L’étude a recruté de façon prospective 182 patients atteints d’un CT et âgés de 18 à 50 ans, dans les 5 ans ayant suivi une orchidectomie. Des échantillons de sperme ont été recueillis postorchidectomie, mais avant l’administration de tout traitement ultérieur, et à nouveau 60 mois après la fin du traitement. En fonction de la modalité du traitement, 4 groupes ont été désignés : une radiothérapie (RT) portant sur les ganglions lymphatiques para-aortiques infradiaphragmatiques et les ganglions lymphatiques iliaques ipsilatéraux pour une dose totale de 25,2 Gy ; un cycle adjuvant de bléomycine, d’étoposide et de cisplatine (BEP) dans le cadre d’un schéma de 5 jours ; un cycle adjuvant de carboplatine avec une aire sous la courbe (ASC) de 7 ; ou une surveillance.

L’analyse transversale a révélé une baisse significative, mais temporaire, du nombre total de spermatozoïdes (NTS) moyen et de la concentration du sperme (CS) moyenne 6 mois après la radiothérapie.
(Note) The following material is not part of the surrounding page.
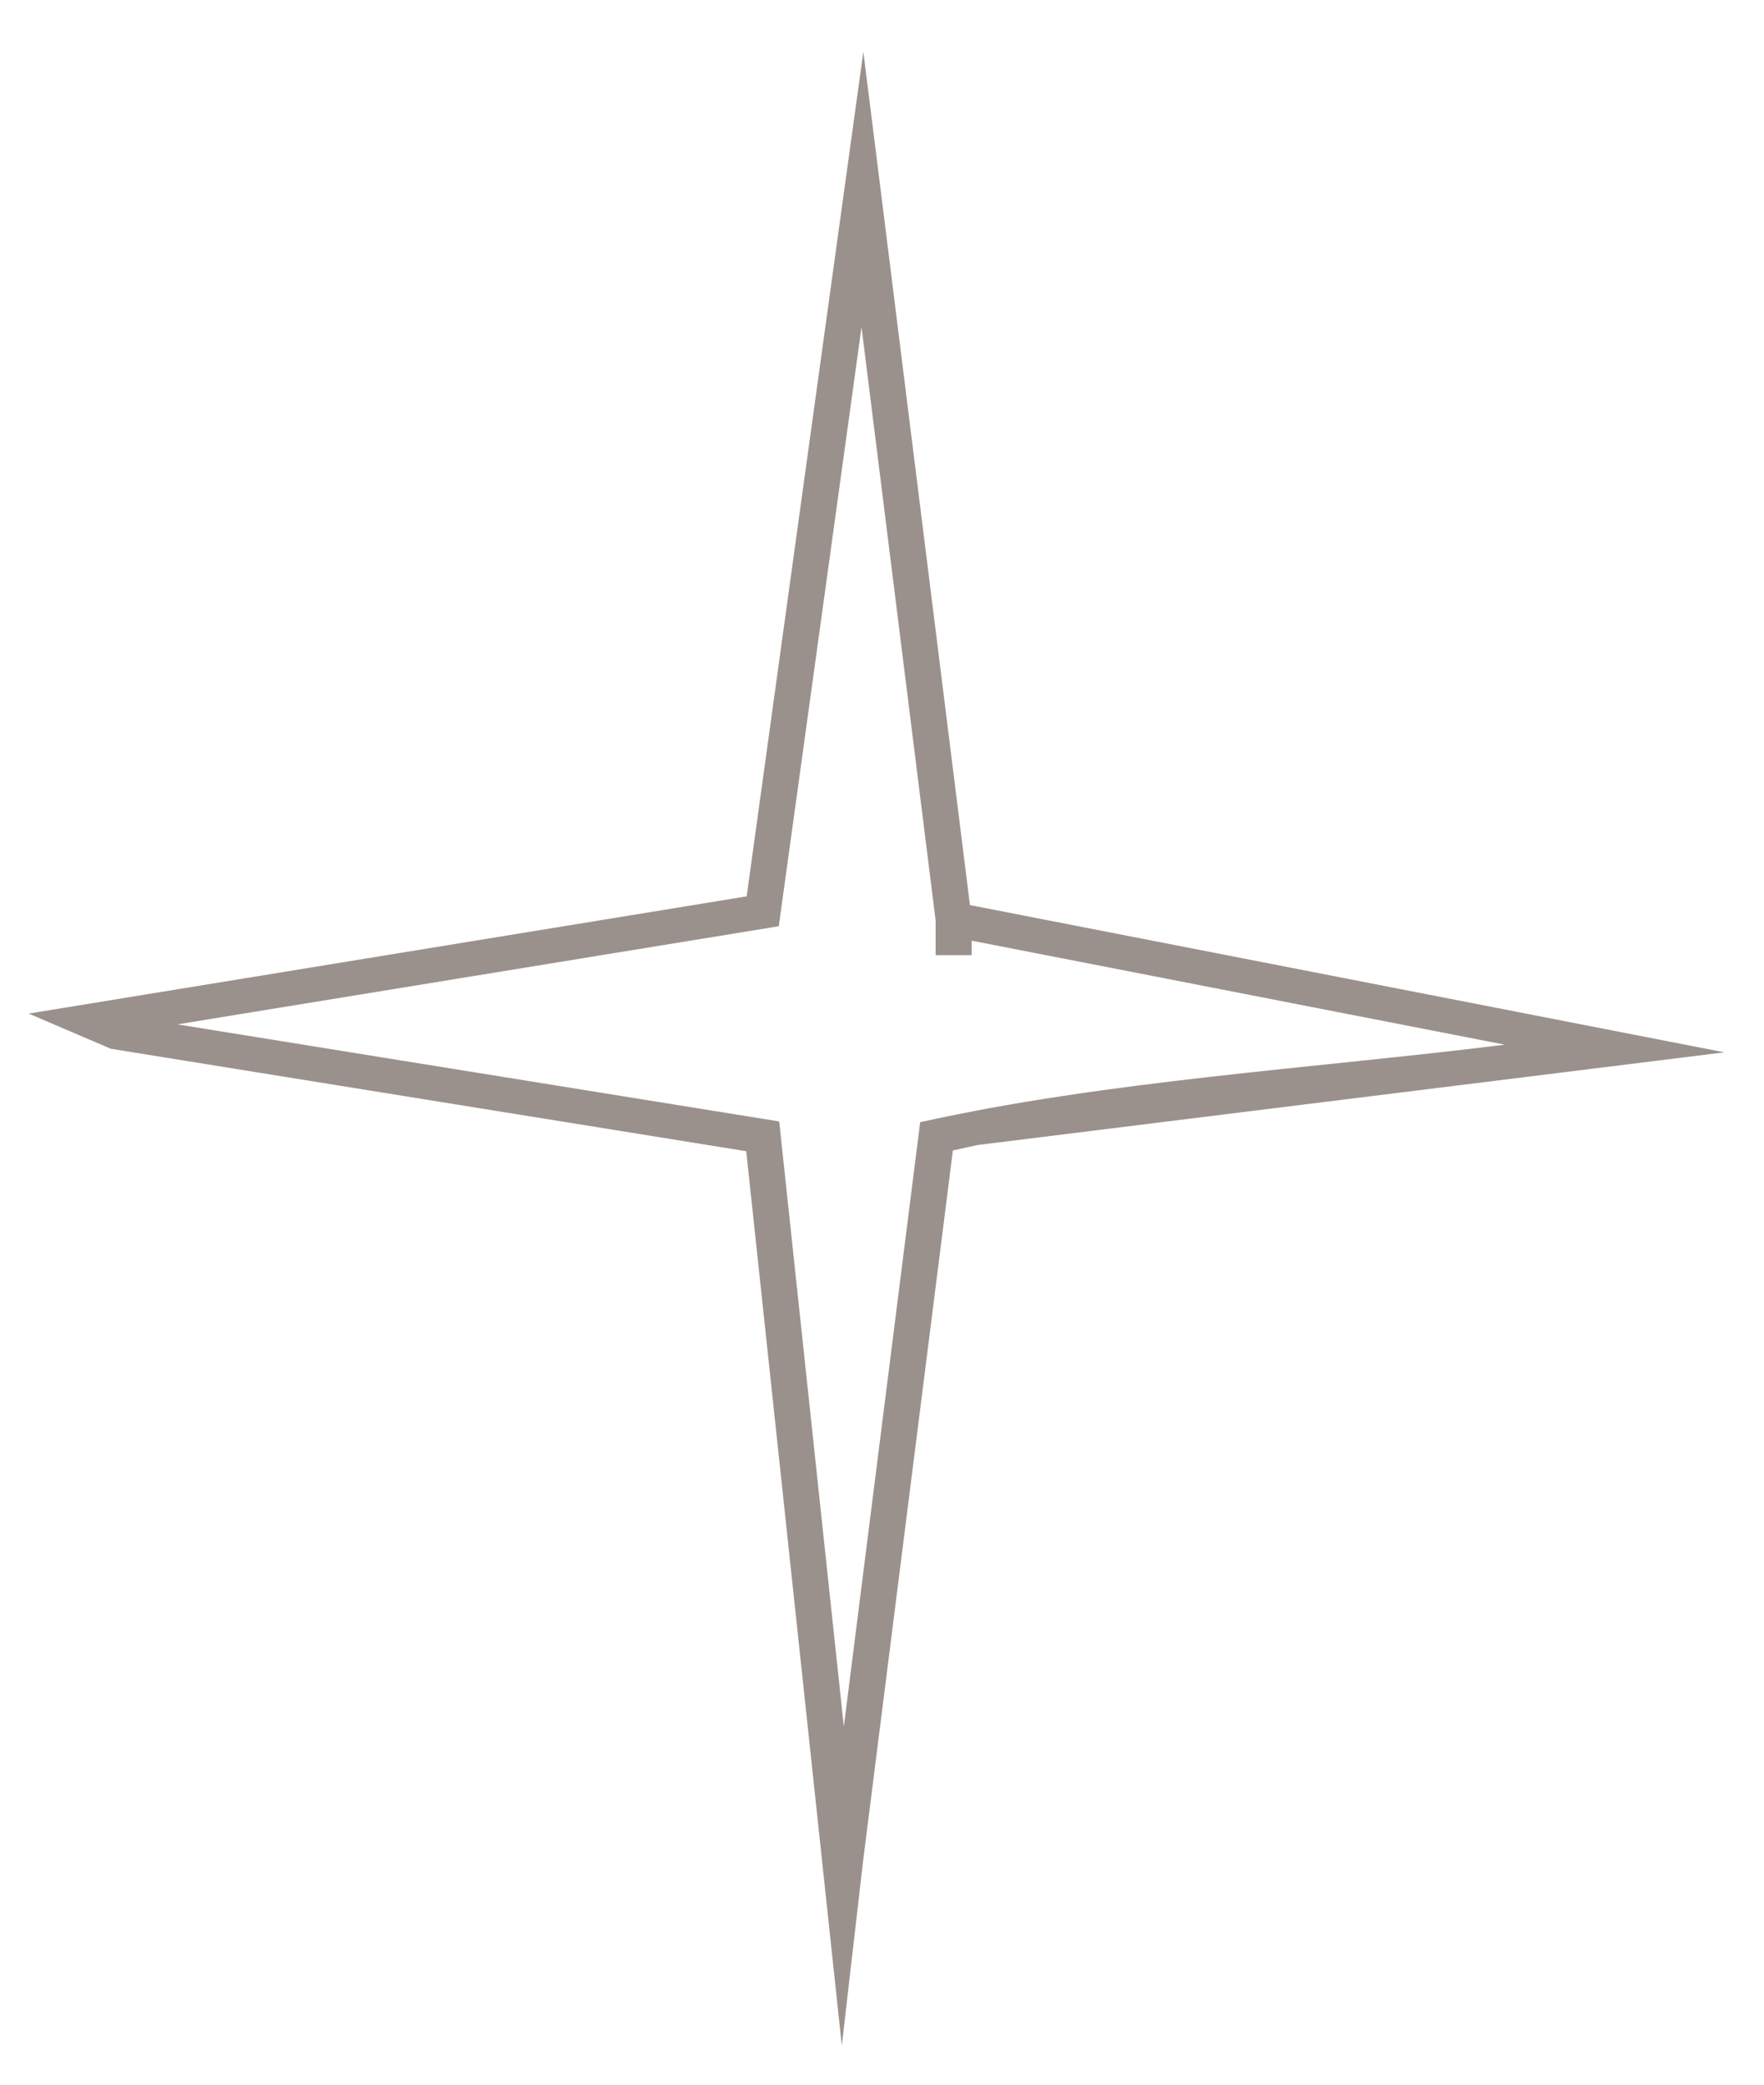 <?xml version="1.0" encoding="UTF-8"?> <svg xmlns="http://www.w3.org/2000/svg" width="33" height="39" viewBox="0 0 33 39" fill="none"> <path d="M17.503 17.87V17.219L16.117 6.121L14.569 17.328L3.318 19.164L14.577 20.98L15.786 32.3L17.214 20.994C20.698 20.218 24.582 19.987 28.152 19.544L18.177 17.598V17.869H17.503V17.87ZM16.469 3.506L18.145 16.932L32.259 19.687L18.279 21.422L17.826 21.523L16.148 34.8L15.748 38.268L13.96 21.537L2.072 19.62L0.536 18.962L13.968 16.769L16.151 0.969L16.469 3.506V3.506Z" fill="#9B918C"></path> </svg>

Toutefois, à part une augmentation significative de la CS moyenne à 12 mois, aucune différence significative n’a été constatée dans les autres groupes de traitement.
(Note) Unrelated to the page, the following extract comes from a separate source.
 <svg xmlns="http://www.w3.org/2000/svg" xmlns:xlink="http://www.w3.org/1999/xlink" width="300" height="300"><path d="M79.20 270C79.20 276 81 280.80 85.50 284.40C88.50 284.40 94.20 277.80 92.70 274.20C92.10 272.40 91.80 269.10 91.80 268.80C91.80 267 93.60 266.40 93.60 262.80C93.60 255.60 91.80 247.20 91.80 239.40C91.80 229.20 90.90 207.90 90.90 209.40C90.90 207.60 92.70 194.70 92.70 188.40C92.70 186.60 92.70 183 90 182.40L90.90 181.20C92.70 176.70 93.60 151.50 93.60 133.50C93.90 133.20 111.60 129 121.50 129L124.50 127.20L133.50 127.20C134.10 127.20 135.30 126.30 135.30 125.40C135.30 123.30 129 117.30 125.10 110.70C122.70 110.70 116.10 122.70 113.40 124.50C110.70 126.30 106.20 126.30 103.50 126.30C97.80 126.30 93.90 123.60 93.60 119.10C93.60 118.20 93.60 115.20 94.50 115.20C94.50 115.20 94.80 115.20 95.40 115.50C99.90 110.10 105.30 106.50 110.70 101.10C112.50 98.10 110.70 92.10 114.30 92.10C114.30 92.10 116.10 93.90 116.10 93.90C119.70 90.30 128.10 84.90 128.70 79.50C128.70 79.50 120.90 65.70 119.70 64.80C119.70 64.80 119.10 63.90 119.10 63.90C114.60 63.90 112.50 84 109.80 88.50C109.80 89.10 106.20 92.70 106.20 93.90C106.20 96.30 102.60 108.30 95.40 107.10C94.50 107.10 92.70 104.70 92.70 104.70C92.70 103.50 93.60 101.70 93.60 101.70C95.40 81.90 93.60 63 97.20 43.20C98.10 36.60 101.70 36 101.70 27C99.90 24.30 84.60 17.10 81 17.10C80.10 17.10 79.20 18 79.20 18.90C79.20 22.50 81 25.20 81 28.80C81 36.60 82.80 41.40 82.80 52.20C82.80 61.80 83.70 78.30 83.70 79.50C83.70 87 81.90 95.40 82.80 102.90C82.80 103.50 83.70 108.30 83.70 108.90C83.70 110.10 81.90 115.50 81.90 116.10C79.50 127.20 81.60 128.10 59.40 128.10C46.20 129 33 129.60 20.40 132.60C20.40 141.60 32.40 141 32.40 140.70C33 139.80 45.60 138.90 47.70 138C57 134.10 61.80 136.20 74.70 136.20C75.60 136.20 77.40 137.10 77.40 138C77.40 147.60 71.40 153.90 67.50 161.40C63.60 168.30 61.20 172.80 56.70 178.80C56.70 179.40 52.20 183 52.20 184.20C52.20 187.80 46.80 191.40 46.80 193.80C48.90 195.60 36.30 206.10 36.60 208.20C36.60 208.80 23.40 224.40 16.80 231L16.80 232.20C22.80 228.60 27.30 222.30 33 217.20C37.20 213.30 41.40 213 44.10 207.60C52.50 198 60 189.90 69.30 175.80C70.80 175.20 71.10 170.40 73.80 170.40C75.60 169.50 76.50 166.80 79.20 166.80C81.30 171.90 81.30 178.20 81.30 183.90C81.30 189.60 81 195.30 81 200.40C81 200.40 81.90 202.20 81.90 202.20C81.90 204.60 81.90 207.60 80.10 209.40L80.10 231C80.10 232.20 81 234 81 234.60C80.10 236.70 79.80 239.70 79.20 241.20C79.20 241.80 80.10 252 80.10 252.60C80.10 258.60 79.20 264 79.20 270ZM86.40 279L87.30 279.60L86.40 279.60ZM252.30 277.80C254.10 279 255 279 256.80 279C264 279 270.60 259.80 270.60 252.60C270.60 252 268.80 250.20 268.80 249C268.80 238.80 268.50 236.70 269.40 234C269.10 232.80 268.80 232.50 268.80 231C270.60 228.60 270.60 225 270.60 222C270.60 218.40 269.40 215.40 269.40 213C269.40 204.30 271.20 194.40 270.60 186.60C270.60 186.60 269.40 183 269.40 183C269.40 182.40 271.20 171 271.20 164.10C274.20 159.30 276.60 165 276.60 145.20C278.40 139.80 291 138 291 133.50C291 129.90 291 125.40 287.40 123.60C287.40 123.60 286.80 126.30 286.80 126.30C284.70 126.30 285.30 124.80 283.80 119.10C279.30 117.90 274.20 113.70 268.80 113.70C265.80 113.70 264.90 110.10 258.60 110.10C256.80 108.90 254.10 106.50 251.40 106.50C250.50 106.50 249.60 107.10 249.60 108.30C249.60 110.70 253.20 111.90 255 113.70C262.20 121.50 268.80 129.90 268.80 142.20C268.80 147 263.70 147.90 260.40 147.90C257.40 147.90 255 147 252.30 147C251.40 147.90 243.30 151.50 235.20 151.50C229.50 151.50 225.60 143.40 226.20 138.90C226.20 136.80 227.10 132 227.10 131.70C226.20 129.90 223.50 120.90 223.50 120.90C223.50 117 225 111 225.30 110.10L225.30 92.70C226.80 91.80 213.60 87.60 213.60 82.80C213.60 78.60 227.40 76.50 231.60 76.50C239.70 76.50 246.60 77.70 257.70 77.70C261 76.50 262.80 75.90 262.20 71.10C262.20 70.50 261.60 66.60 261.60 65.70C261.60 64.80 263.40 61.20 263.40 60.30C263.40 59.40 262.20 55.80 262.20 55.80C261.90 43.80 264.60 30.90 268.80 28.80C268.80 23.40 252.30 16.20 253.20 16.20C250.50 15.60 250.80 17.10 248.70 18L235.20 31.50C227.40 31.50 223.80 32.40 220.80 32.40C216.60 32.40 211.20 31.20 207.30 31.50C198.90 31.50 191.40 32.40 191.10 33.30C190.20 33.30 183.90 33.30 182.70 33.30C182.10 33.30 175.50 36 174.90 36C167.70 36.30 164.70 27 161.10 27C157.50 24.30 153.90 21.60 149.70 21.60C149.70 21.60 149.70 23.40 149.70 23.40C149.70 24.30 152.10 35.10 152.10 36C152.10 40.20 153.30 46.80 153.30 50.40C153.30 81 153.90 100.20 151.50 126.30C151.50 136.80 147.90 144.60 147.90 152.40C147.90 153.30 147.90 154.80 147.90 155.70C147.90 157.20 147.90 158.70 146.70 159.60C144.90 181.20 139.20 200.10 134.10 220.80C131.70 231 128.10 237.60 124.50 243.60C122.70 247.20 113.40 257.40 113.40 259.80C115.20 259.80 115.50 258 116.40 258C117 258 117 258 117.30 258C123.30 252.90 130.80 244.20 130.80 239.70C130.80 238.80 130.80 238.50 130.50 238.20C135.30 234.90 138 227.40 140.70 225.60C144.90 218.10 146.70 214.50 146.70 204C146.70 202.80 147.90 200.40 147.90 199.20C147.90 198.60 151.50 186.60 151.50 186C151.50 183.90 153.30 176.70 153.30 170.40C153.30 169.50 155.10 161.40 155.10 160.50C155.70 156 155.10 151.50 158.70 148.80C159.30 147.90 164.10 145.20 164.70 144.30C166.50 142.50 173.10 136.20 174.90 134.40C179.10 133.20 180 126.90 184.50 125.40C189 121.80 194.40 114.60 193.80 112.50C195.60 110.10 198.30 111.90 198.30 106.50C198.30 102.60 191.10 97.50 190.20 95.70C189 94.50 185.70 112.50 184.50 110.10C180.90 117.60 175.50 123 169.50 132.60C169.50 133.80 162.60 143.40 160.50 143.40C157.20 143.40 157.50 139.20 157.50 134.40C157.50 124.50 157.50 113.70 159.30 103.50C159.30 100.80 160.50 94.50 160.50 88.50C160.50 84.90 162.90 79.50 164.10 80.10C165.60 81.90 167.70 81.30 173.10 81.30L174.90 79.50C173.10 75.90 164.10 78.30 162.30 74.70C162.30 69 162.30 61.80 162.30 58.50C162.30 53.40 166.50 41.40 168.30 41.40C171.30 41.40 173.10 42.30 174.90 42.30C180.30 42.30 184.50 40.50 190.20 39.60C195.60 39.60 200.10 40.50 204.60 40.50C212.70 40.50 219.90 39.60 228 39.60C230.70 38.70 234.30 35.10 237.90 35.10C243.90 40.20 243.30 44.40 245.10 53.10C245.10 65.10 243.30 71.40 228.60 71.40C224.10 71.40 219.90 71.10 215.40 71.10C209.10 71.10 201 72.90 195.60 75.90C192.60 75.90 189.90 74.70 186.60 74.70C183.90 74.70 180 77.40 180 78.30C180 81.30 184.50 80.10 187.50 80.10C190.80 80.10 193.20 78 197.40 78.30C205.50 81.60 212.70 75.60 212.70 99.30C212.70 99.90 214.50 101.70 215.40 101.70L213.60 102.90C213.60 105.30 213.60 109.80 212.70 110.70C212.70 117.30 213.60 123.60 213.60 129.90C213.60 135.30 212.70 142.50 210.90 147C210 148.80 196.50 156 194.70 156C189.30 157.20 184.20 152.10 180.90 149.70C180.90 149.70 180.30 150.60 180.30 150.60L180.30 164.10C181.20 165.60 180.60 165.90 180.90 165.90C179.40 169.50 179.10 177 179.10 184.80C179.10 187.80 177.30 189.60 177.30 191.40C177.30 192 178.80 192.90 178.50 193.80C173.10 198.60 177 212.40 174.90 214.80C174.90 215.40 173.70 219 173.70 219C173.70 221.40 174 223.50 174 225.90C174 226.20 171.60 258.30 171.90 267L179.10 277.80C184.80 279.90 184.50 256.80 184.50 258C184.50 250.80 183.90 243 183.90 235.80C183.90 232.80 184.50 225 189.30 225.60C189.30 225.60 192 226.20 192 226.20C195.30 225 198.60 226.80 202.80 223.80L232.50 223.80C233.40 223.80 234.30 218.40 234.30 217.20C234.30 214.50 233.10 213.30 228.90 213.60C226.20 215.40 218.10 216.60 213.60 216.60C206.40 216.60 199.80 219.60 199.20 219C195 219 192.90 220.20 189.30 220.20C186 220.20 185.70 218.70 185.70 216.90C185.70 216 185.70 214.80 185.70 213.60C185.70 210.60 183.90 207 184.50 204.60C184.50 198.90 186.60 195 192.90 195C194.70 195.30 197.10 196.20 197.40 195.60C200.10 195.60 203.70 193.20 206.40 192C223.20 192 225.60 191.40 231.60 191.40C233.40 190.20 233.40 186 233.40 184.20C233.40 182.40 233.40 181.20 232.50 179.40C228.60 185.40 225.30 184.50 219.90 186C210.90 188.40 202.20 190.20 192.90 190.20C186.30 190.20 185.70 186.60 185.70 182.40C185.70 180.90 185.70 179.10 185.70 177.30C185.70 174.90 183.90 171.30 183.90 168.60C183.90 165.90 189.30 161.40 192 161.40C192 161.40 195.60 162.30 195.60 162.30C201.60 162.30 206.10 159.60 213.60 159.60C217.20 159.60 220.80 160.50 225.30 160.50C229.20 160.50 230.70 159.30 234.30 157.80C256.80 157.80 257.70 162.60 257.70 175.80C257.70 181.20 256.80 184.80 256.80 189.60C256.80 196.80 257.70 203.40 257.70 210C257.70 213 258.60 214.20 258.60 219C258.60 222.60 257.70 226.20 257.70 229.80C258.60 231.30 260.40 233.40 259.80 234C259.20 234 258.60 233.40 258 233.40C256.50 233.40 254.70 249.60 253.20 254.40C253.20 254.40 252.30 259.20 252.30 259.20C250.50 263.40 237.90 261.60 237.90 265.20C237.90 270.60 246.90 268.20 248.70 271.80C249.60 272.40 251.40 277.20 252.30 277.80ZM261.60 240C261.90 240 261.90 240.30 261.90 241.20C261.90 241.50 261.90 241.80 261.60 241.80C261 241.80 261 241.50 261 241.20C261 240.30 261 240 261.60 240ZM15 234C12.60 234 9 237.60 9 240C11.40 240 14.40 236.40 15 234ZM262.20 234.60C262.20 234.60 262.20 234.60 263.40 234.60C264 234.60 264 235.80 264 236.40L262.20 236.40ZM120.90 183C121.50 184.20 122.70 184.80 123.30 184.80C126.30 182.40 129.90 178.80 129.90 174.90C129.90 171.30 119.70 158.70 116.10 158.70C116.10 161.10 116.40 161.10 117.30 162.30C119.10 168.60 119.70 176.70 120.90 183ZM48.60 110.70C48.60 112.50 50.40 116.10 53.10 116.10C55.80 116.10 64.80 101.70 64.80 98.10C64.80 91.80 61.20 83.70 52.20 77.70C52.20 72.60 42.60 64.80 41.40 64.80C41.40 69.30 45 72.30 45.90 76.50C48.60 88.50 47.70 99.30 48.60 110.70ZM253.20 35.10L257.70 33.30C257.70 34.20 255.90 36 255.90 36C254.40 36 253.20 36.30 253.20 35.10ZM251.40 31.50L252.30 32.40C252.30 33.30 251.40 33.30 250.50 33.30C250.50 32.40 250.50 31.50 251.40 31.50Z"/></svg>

Des patients azoospermiques (n = 11) ont été observés dans la plupart des groupes de traitement, sauf dans le groupe BEP. Durant le suivi, un patient azoospermique ayant reçu du carboplatine est devenu normospermique.

Malgré ces résultats, les auteurs ont recommandé que la mise en banque de sperme continue d’être proposée avant l’orchidectomie, car des mesures de reproduction assistée peuvent s’avérer nécessaires quel que soit le traitement administré.